DeepSpeech Language Model parameters

Hello,

after I did some first experiments with deepspeech now I want to optimize the recognition with an own language model and an own scorer. Can you help me, what the parameters to use “generate_lm.py” mean and what I can change with them?
I have a few ideas, but I didn´t find an explanation for all parameters. It would be great if some of you could help me.

Here is the code and partly my ideas to the parameters:

–input_txt phrases.txt:
All words from „phrases.txt“ are valid words to recognize.

–output_dir .
directory for saving the LM

–top_k 500000

–kenlm_bins …/…/…/kenlm/build/bin
maybe just the path to the “bin”-folder from KenLM?

–arpa_order 5

–max_arpa_memory “85%”

–arpa_prune “0|0|1”

–binary_a_bits 255

–binary_q_bits 8

–binary_type trie

–discount_fallback

Thanks in advance!

1 Like

Hello @Anfaenger
Did you look here yet?
https://deepspeech.readthedocs.io/en/latest/Scorer.html

Unless you dig deeper into the code and workings of KenLM then my quick answer would be to keep them largely as they are.
Depending on how much data you have in your phrases input you might want to adjust top_k (or maybe turn that part off, as you indicate all phases are valid)

1 Like

Hello @nmstoker,

thank you very much for your answer.

Yes, I followed this instructions from the side to generate a language model and a scorer, but I didn´t find an explanation for the parameters.

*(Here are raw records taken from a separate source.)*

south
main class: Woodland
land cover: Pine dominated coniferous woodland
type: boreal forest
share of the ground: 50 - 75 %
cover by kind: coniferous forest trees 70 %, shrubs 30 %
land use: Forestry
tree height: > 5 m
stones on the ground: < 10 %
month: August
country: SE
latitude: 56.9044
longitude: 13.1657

Okay, thanks for that tip.
I have a special enviroment where I want to use the speech recognition. For example I just have maybe 100 words (and 1000 phrases combinations from the words), which should be recognized by the program. So I was wondering, what the other parameters can effect, maybe I can reach a better recognition then.

Does that mean, that the parameter top_k means, how many valid phrases are in the input txt-file? Maybe the question is very stupid but why should I put phrases in the txt-file, which are not vaild?

Thanks for your help.

Have you read the help message of the script as well? It contains a few hints already.

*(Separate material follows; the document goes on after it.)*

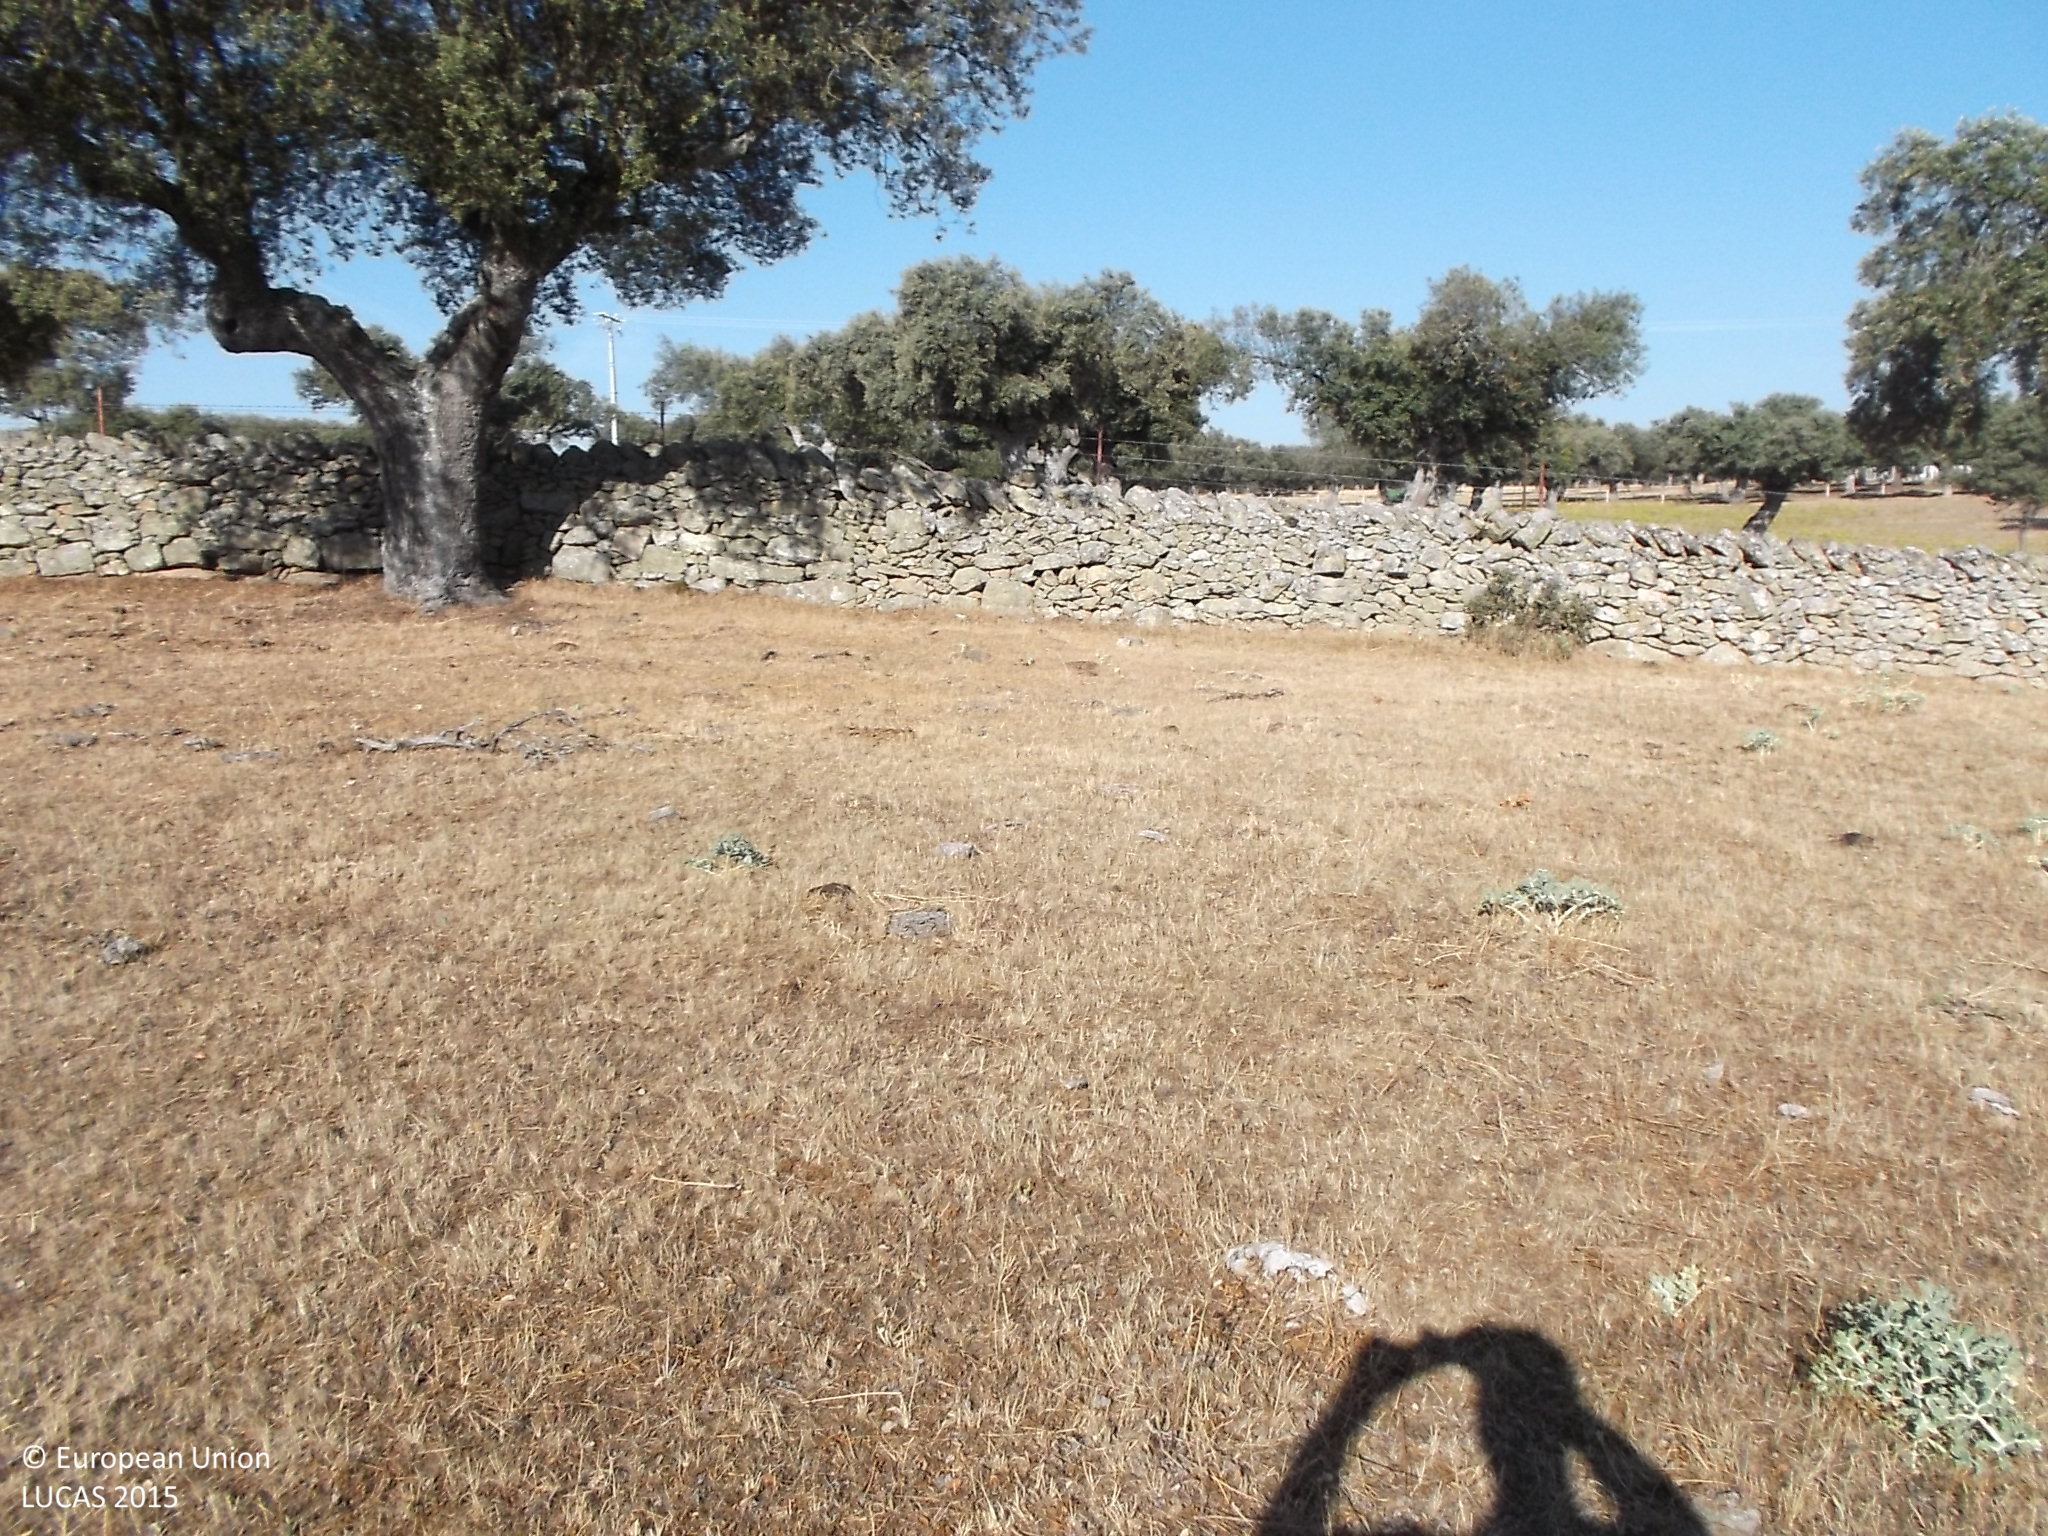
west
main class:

top_k is here to help filter the dataset, and remove less frequents ones. It’s useful when you have huge data for a generic language model, but in your case, you can set that to a higher value than your vocabulary file to filter nothing.

it could help your model with differentiation when your speaker says something that is not in the set of commansd you want to recognize

except the order, I think in your case it’s mostly going to depend on the quality of your vocab.txt

Hello @lissyx,
thanks for your hints and explanations.

Yes, I did. But I didn´t find a real explanation for some things. For example the binary quantization value a and q, the arpa-file oder the arpa pruning parameters exactly are.

Okay, thanks for your estimation.